Counsel also requested the names of witnesses to the Zettlemoyer and Moser executions; the procedure for selecting witnesses for executions generally and for the Zettlemoyer and Moser executions in particular; and all public records reflecting the observations, reflections or opinions of the witnesses to both executions.
These records fall into two overall categories. They are the lethal injection procedures and information relating to witnesses of such executions and their selection, both past and future.
. Pursuant to Section 4 of the Right-to-Know Act, 65 P.S. § 66.4, this Court reviews a denial of a request for information to determine whether such denial was for just and proper cause under the terms of the Right-to-Know Act. Owens v. Horn, 684 A.2d 208 (Pa.Cmwlth. 1996).
. Travaglia also argues that courts in other jurisdictions have held that information relating to implementation of the death penalty must be disclosed.
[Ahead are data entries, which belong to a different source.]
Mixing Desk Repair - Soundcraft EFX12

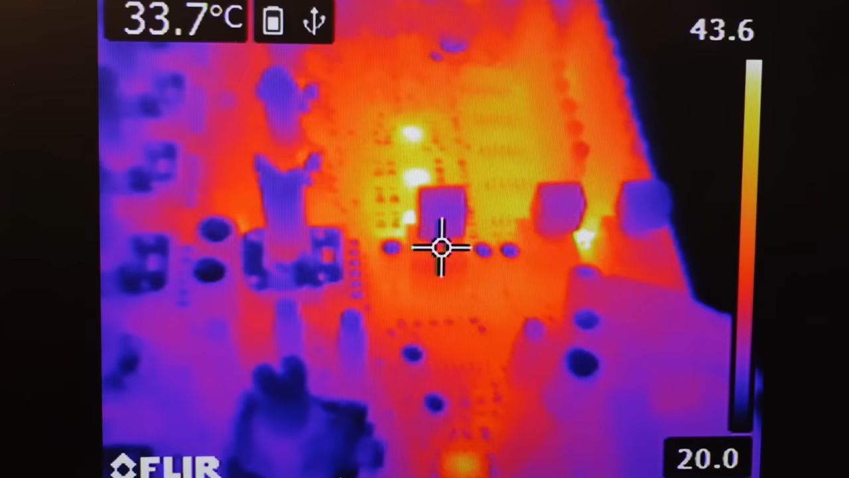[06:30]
On screen: spot 33.7°C
Oh, straight away, look at these.
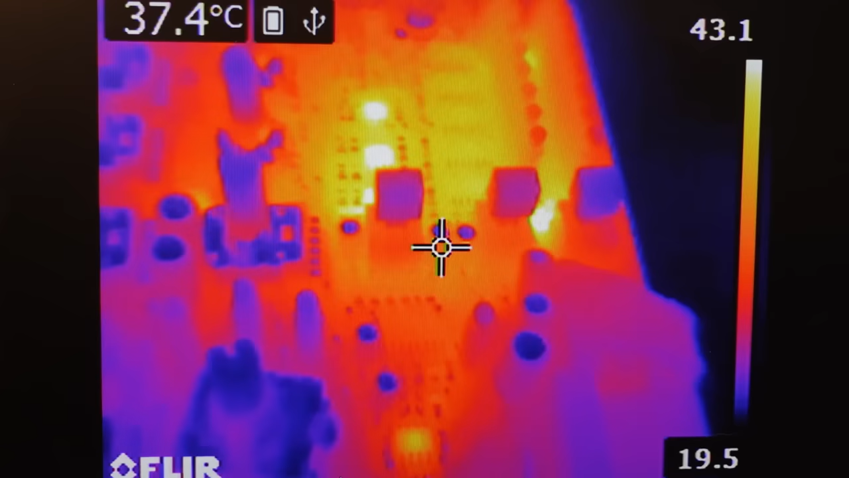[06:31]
On screen: spot 37.4°C
These chips here. Oh, there's one.
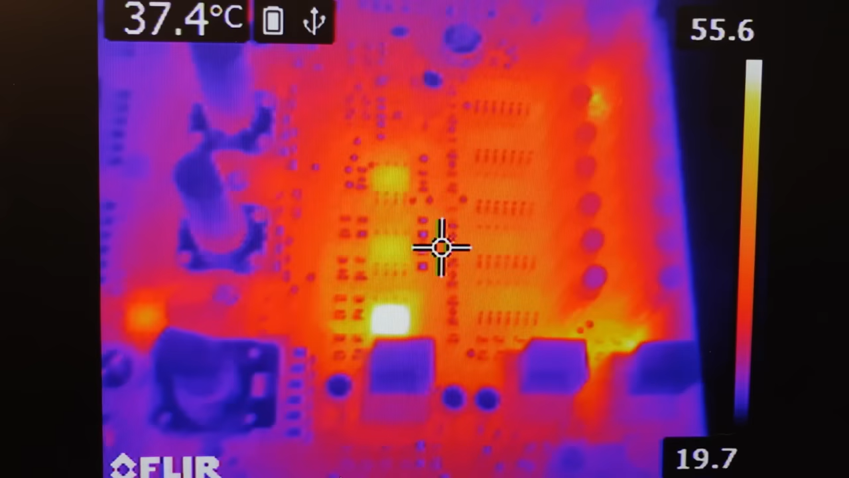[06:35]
On screen: spot 37.4°C
How hot's that? 57 degrees?
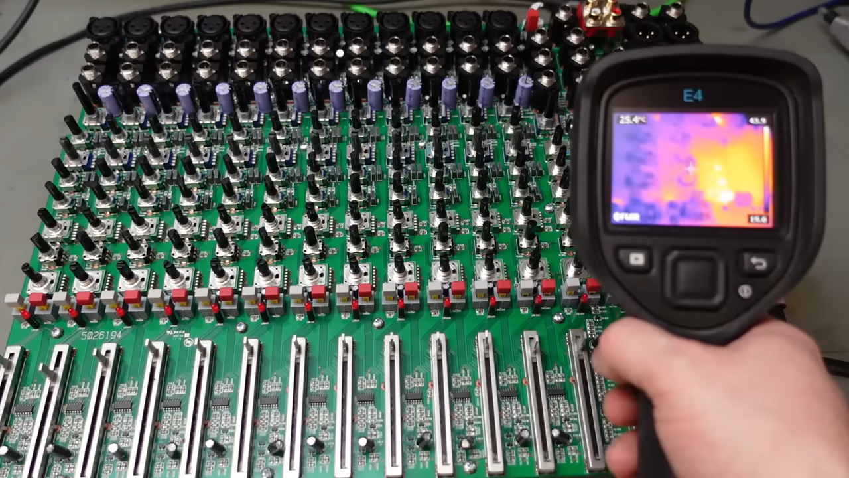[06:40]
Crikey. Oh, and there's more here.
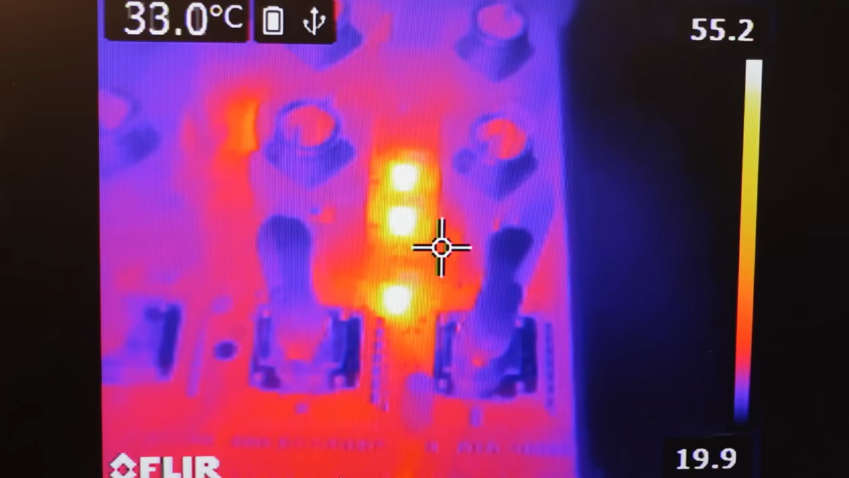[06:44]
On screen: spot 33.0°C
Oh, these must be the output chips. 60 degrees.
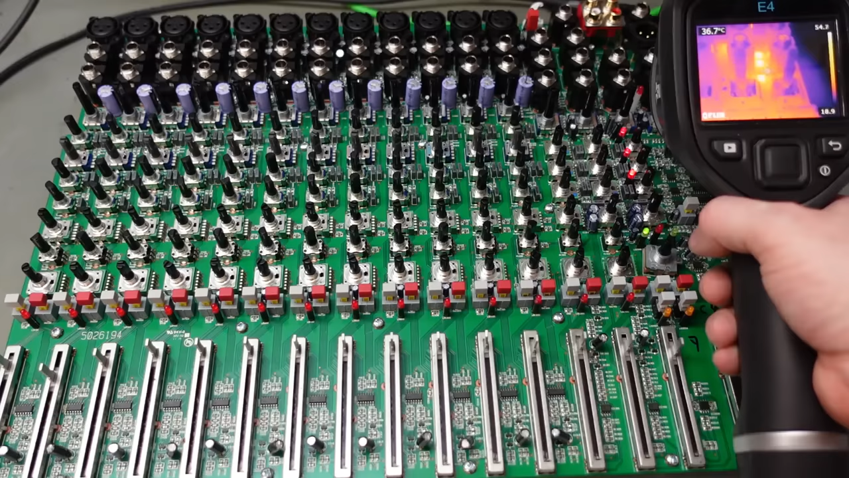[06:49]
Yeah, I knew it smelt a bit warm. Well, there's another two hot ones here.
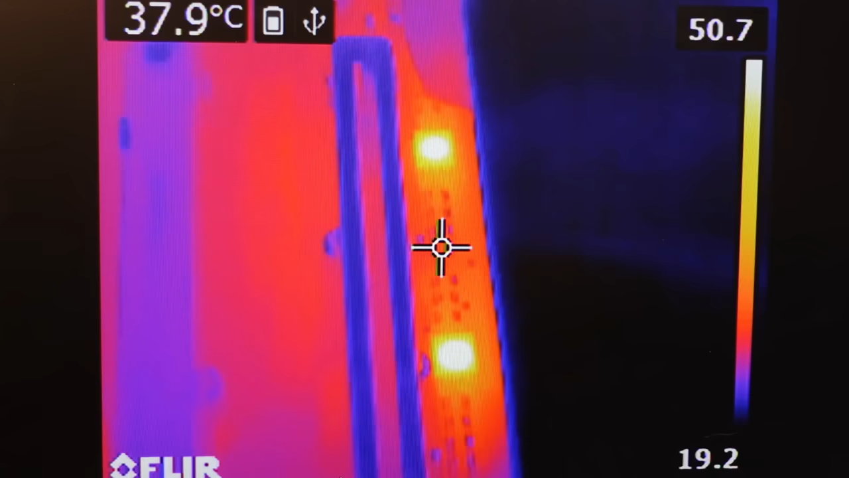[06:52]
On screen: spot 37.9°C
Ah, these are the same op amps as the others.
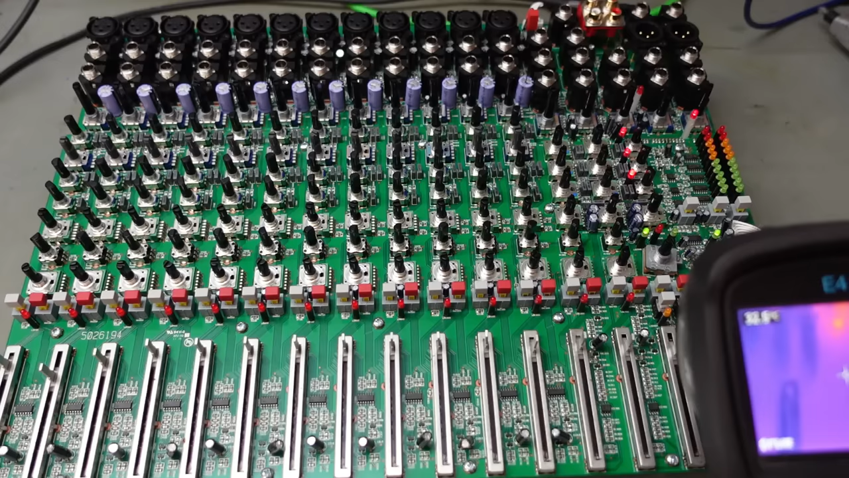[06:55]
Yeah, not sure.
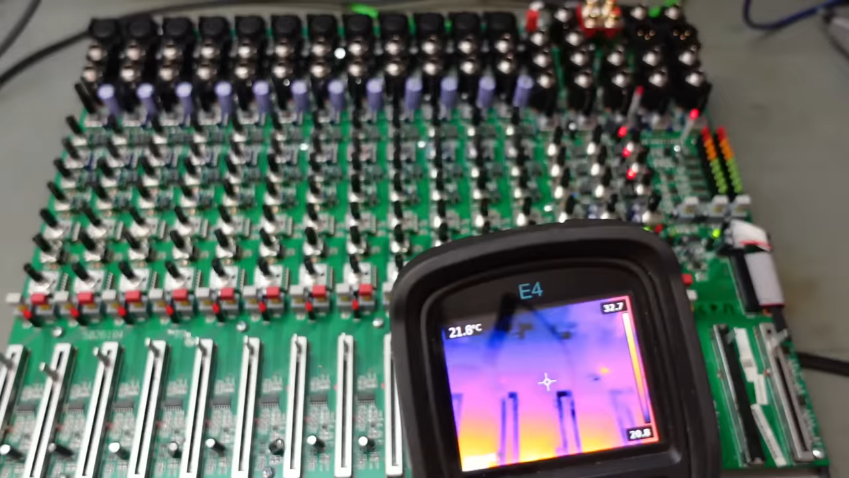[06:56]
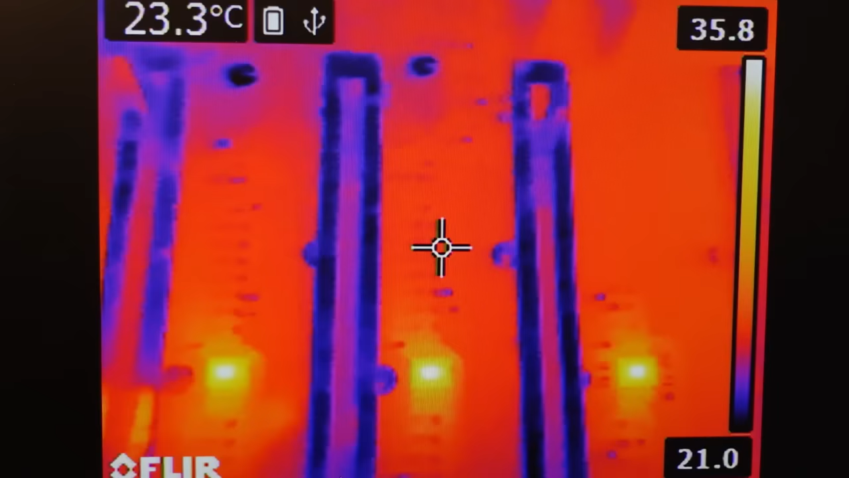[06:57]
On screen: spot 23.3°C
And this lot are all running cool there, and they're all the same temperature. Nice.
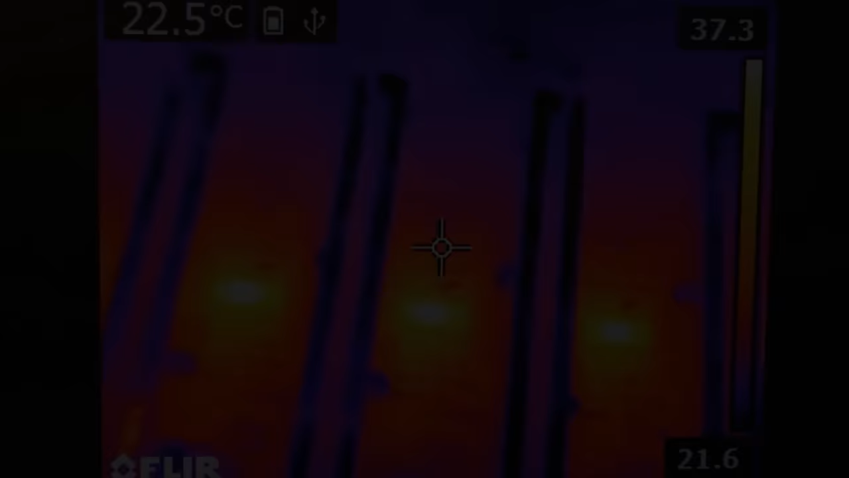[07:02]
On screen: spot 22.5°C
Yeah, these all look okay. Nice, steady temperature.
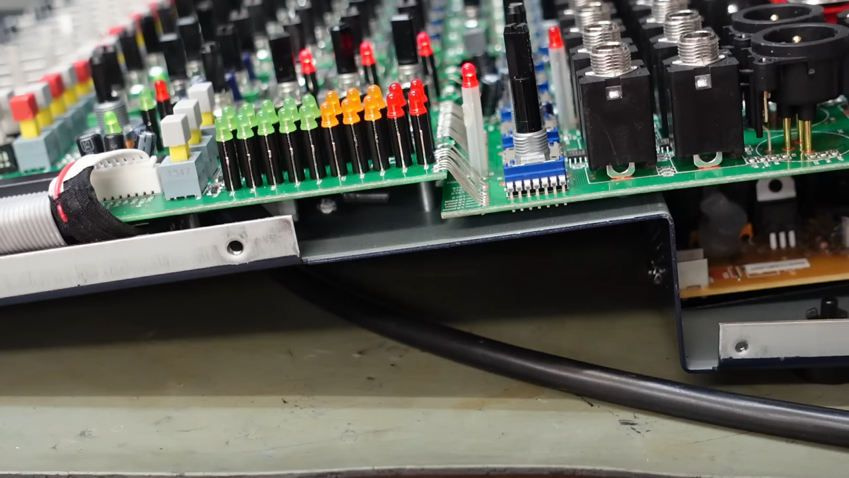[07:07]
Just looking at the side, there's a board underneath. And that looks pretty warm.
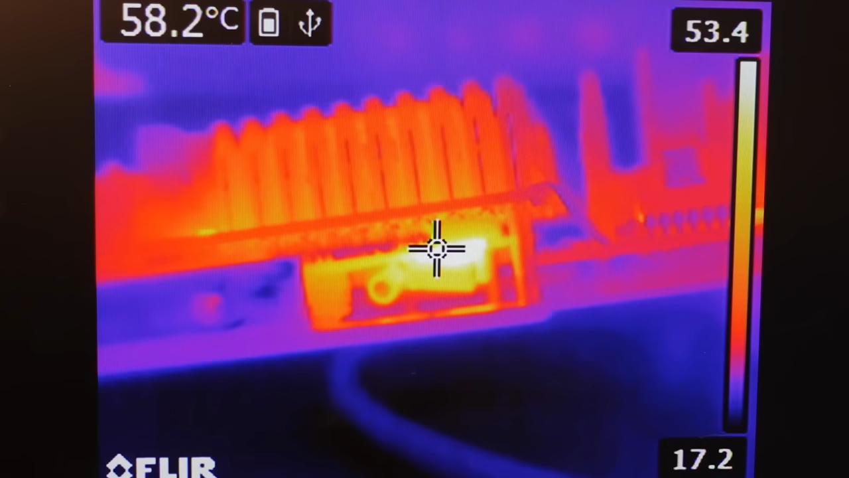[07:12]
On screen: spot 58.2°C
55 degrees or so. Yeah, turn that off.

In Hoffman v. Illinois Department of Corrections, 158 Ill.App.3d 473, 110 Ill.Dec. 582, 511 N.E.2d 759 (1987), the court noted the public controversy and judicial debate over the constitutionality of the death penalty and the potential for the exact procedures implementing it to be challenged as cruel and unusual. The court held that information as to those procedures was precisely the type of information required to be disclosed under that state’s freedom of information act to enable the people to perform their duty of discussing public issues frilly and freely and of monitoring government to ensure that it is being conducted in the public interest. Id. at 475 n.l, 110 Ill.Dec. at 583 n.l, 511 N.E.2d at 760 n.l. DOC correctly responds that the Illinois statute is much broader than the Pennsylvania Right-to-Know Act. The Illinois statute allows full and complete disclosure of all information regarding the affairs of government. *1322The Court shall decide this matter under Pennsylvania law.
. The Court observes that Travaglia has not requested information relating to security measures involved in an execution; therefore, DOC’s arguments on that point are not relevant. Times Publishing Co. and other cases have held that access may be provided to records that are redacted to prevent disclosure of protected information.
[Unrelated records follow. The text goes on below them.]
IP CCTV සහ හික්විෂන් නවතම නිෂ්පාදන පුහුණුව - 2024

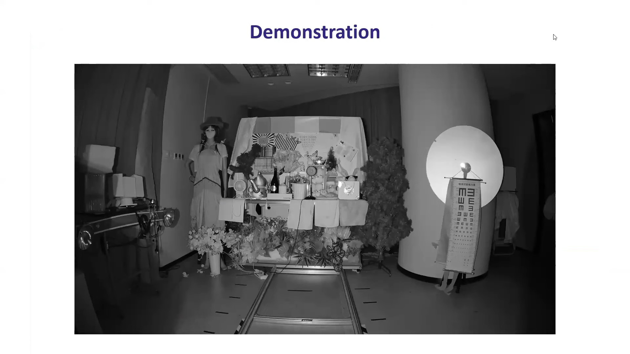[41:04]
කලබු වලදී එයාගේ performance කියලා. මේ කවුරුත් නැති වෙලාවට එයා black and white mode එකේ ඉන්නවා.
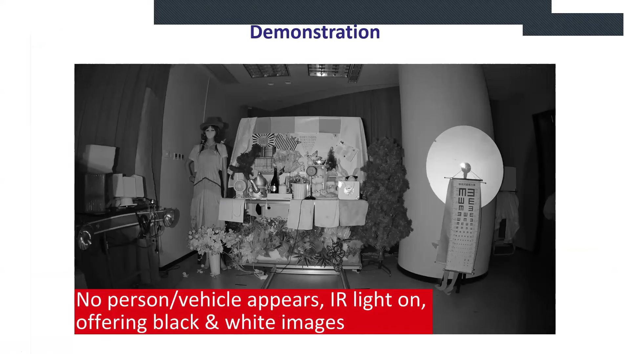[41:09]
බලන්න කවුරු හරි පුද්ගලෙක් ආවොත් මෙතෙන්ට එයාට අක් ගාලා කලයකට හැරෙනවා.
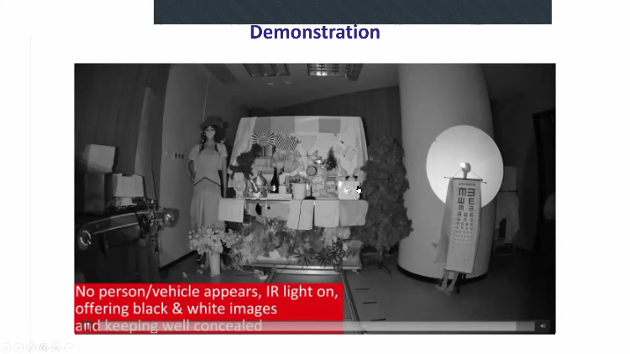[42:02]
විශේෂයෙන්ම IP කැමරාව වැඩ ගන්නවා නම් ඔයාලට මේක ඕන NVR එකට පාවිච්චි කරන්න පුළුවන්.
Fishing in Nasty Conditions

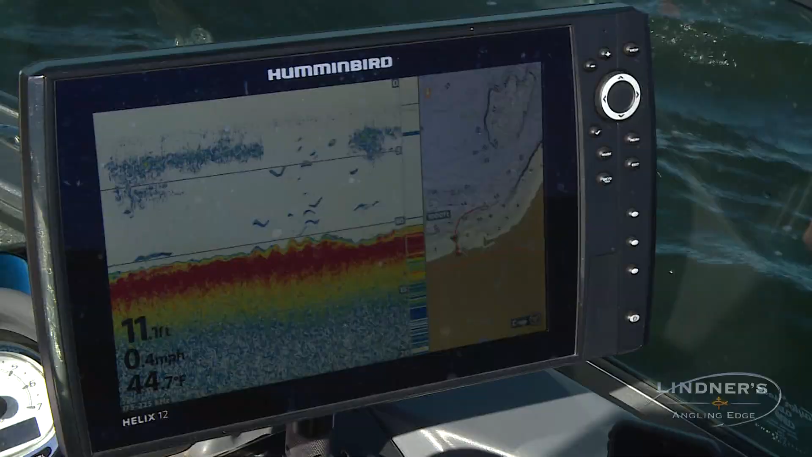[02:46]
On screen: depth 11.1 ft, water 44.7°F, speed 0.4 mph
waters you know 44 ish and uh you know not

. Although they are not a part of the record, DOC refers in its brief to recent newspaper articles recounting prison escapes as examples of the adverse safely implications that may arise when prisoners gain access to confidential corrections procedures. DOC’s speculation concerning the behavior of opponents of capital punishment is wholly unsupported. DOC offers no comparable citation or reference related to the conduct of death-penalty opponents.